“你應該知道,本王最是沒什麽耐心。”祁曄的嗓音冷了下去,帶著寒意的眸子緊盯著蕭令言,“你不可能沒聽過這些年曄王府發生過什麽事。”
蕭令言心下微微慌了一下,很快便又恢複了平靜,抿唇輕輕笑了笑,試著推了祁曄一把,發現他臂上力氣很大,根本推不動。
“怎麽,後悔了?”蕭令言索性雙肩一鬆,枕著壓在腦後的手臂,“你是覺得我在騙你?”
“你沒有嗎?”祁曄瞥了一眼不慌不忙的蕭令言,心頭的怒意消退了幾分。
“當然沒有。”蕭令言搖頭,“王爺病了這麽久,應該知道,醫傷治病從來都不是說說那麽簡單,即便是普通的風寒,也要抓藥煎服個幾日,再配合好生休息,才能漸漸好轉,更勿論王爺的病症……”
她停了停,沒有把話說完,而是意有所指地直視著祁曄的眼睛,挑了挑眉。
“怎麽?”祁曄麵上雖然依舊沒什麽表情,心情卻沒由來地好了起來。
蕭令言幽幽道:“這世上少有一蹴而就之事,即便是有,也難長久。好事多磨,王爺要多些耐心。”
“你這是在責怪本王太性急。”
“我這是好意相勸。”
“你這是有恃無恐。”祁曄突然抬手在蕭令言腦門上彈了一記,“仗著自己是藥穀華裳夫人的弟子,就這般囂張,看來你是真的沒把本王放在眼裏。”
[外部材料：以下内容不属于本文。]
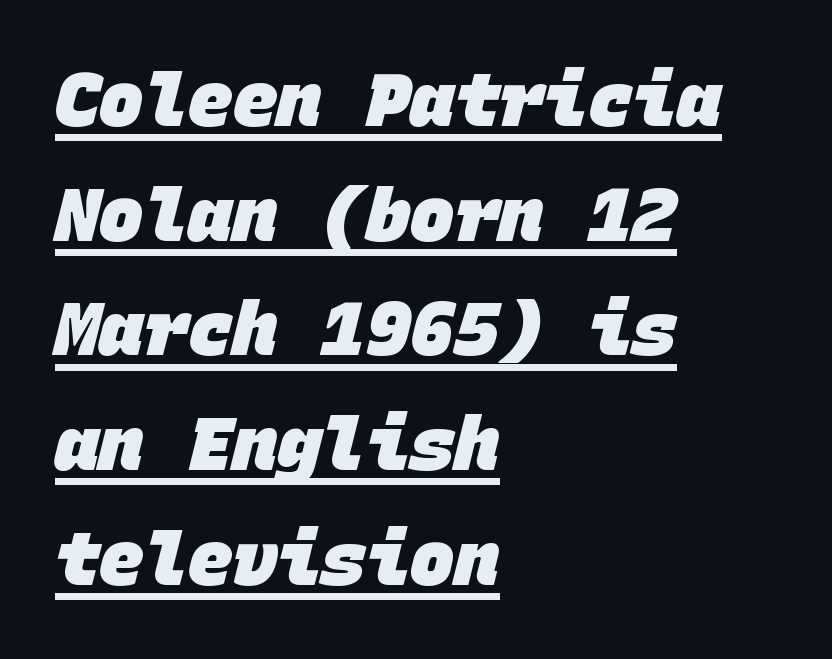
The image shows 74 px heavy sans-serif type, monospaced; set left-aligned, normal line spacing (1.55x), normal letter spacing, underlined; low stroke contrast and a large x-height.
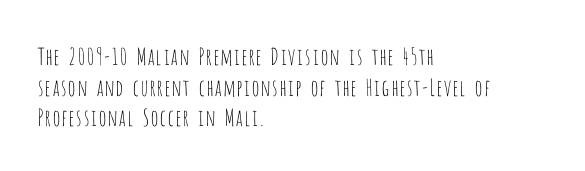
{"italic": "no", "bold": "no", "underline": "no", "align": "left", "line_spacing": "normal", "line_spacing_ratio": 1.33, "letter_spacing": "normal", "letter_spacing_em": 0.0, "glyph_px": 23}
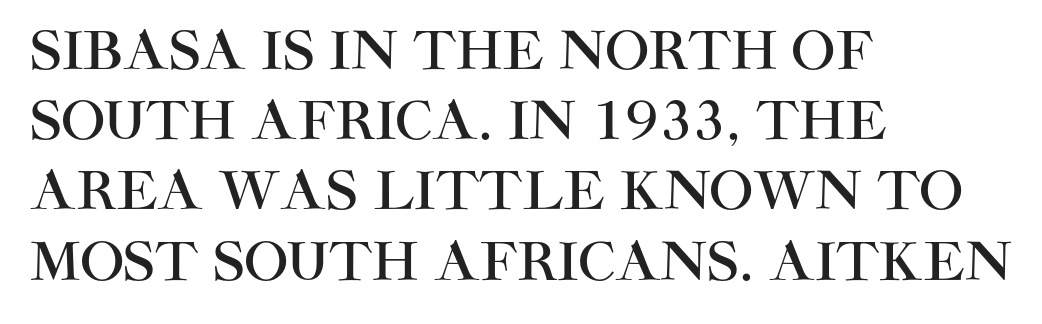
{"serif": "no", "italic": "no", "width": "normal", "stroke_contrast": "high", "x_height": "large", "monospaced": "no", "underline": "no", "align": "left", "line_spacing": "normal", "line_spacing_ratio": 1.35, "letter_spacing": "normal", "letter_spacing_em": 0.0, "glyph_px": 52}
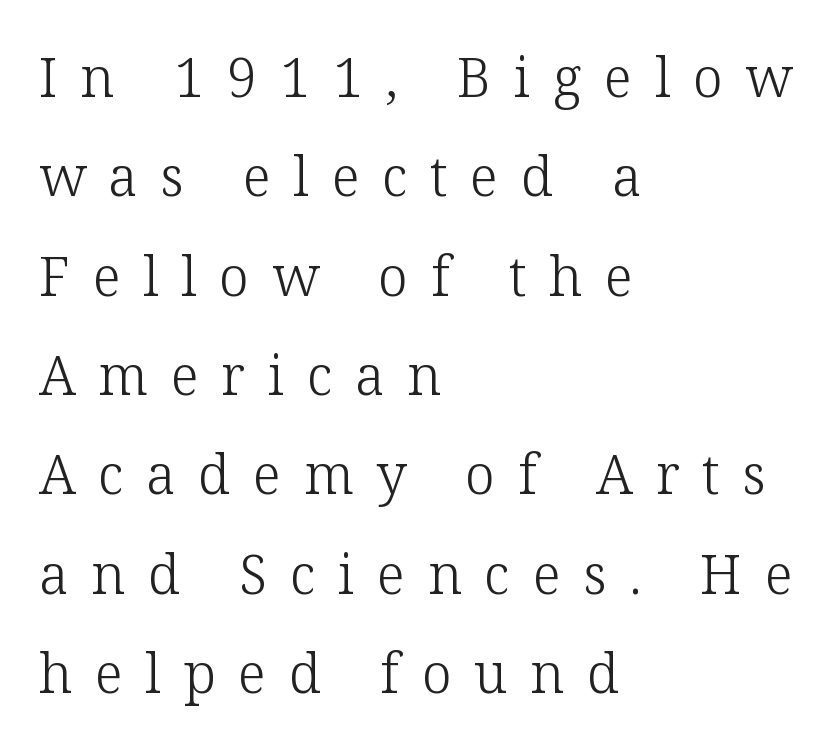
The face used here is proportionally spaced, like ordinary book or web type. Glance below the letters and you will spot only blank space. This sample uses expanded letter spacing, leaving extra air between glyphs. Rendered with straight, roman letterforms. Is the stroke heavy? The answer is a plain regular-or-lighter. This sample uses a serif face.
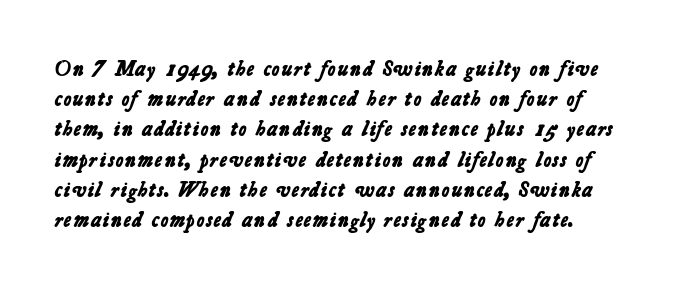
There is no visible air inserted between adjacent glyphs. The text block is weighted toward the left margin, trailing off unevenly rightward. Words float on clear page, feet unadorned. Vertical spacing — default. Students, this is bold: see how much ink each stroke carries.
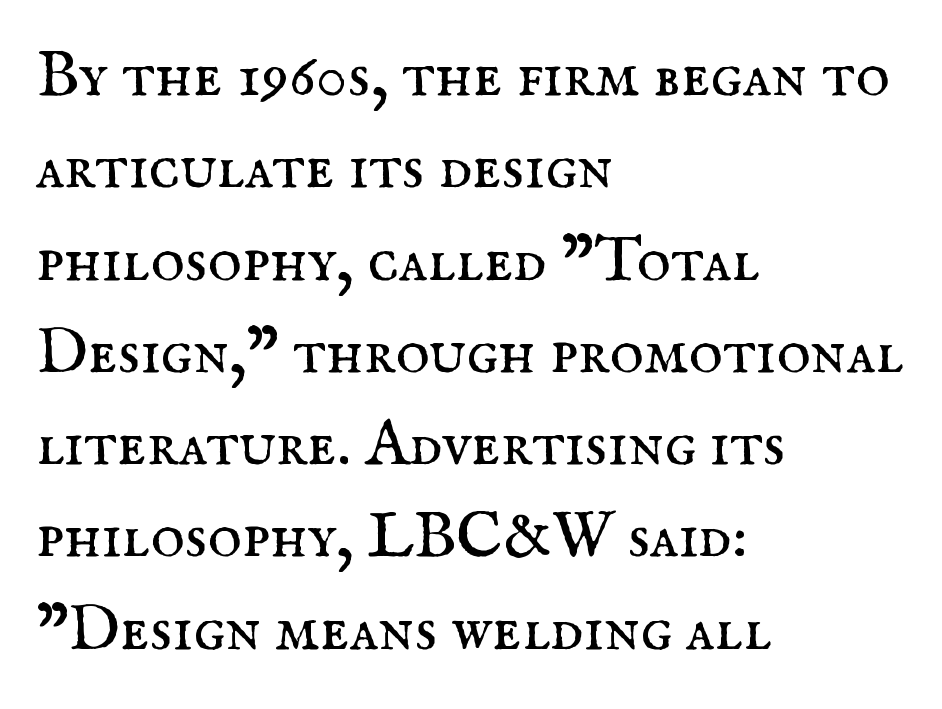
{"serif": "yes", "italic": "no", "bold": "no", "weight": "regular", "width": "normal", "stroke_contrast": "medium", "x_height": "small", "monospaced": "no", "underline": "no", "align": "left", "line_spacing": "normal", "line_spacing_ratio": 1.42, "letter_spacing": "normal", "letter_spacing_em": 0.0, "glyph_px": 65}
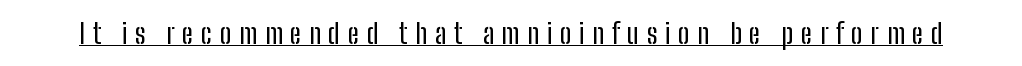
{"serif": "no", "italic": "no", "width": "condensed", "stroke_contrast": "low", "x_height": "medium", "monospaced": "no", "underline": "yes", "letter_spacing": "wide", "letter_spacing_em": 0.27, "glyph_px": 28}
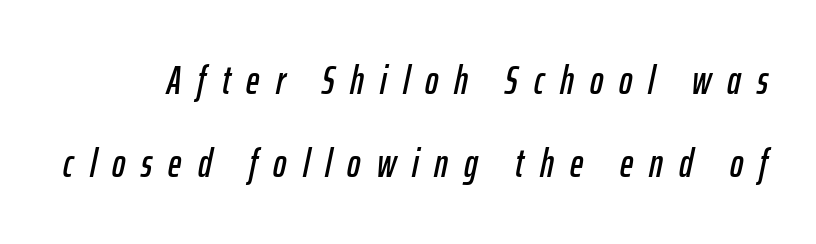
{"italic": "yes", "lean": "right", "slant_degrees": 12, "width": "condensed", "stroke_contrast": "low", "x_height": "medium", "monospaced": "no", "underline": "no", "line_spacing": "loose", "line_spacing_ratio": 2.08, "letter_spacing": "wide", "letter_spacing_em": 0.4, "glyph_px": 40}

蕭令言微微吃痛,愣了一下,似是沒料到祁曄會做出這種舉動,有些驚訝地看著他。
“我從來都不是什麽好脾氣的人。”祁曄微挑嘴角,“不過,既是關乎我的性命,這一次我是不得不多些耐心了。”
他的神情和語氣比之方才都有了明顯的改變,自稱也由“我”換成“本王”,最後又換成了“我”。
說著,他抬起一邊的手,似是有意給蕭令言讓開位置。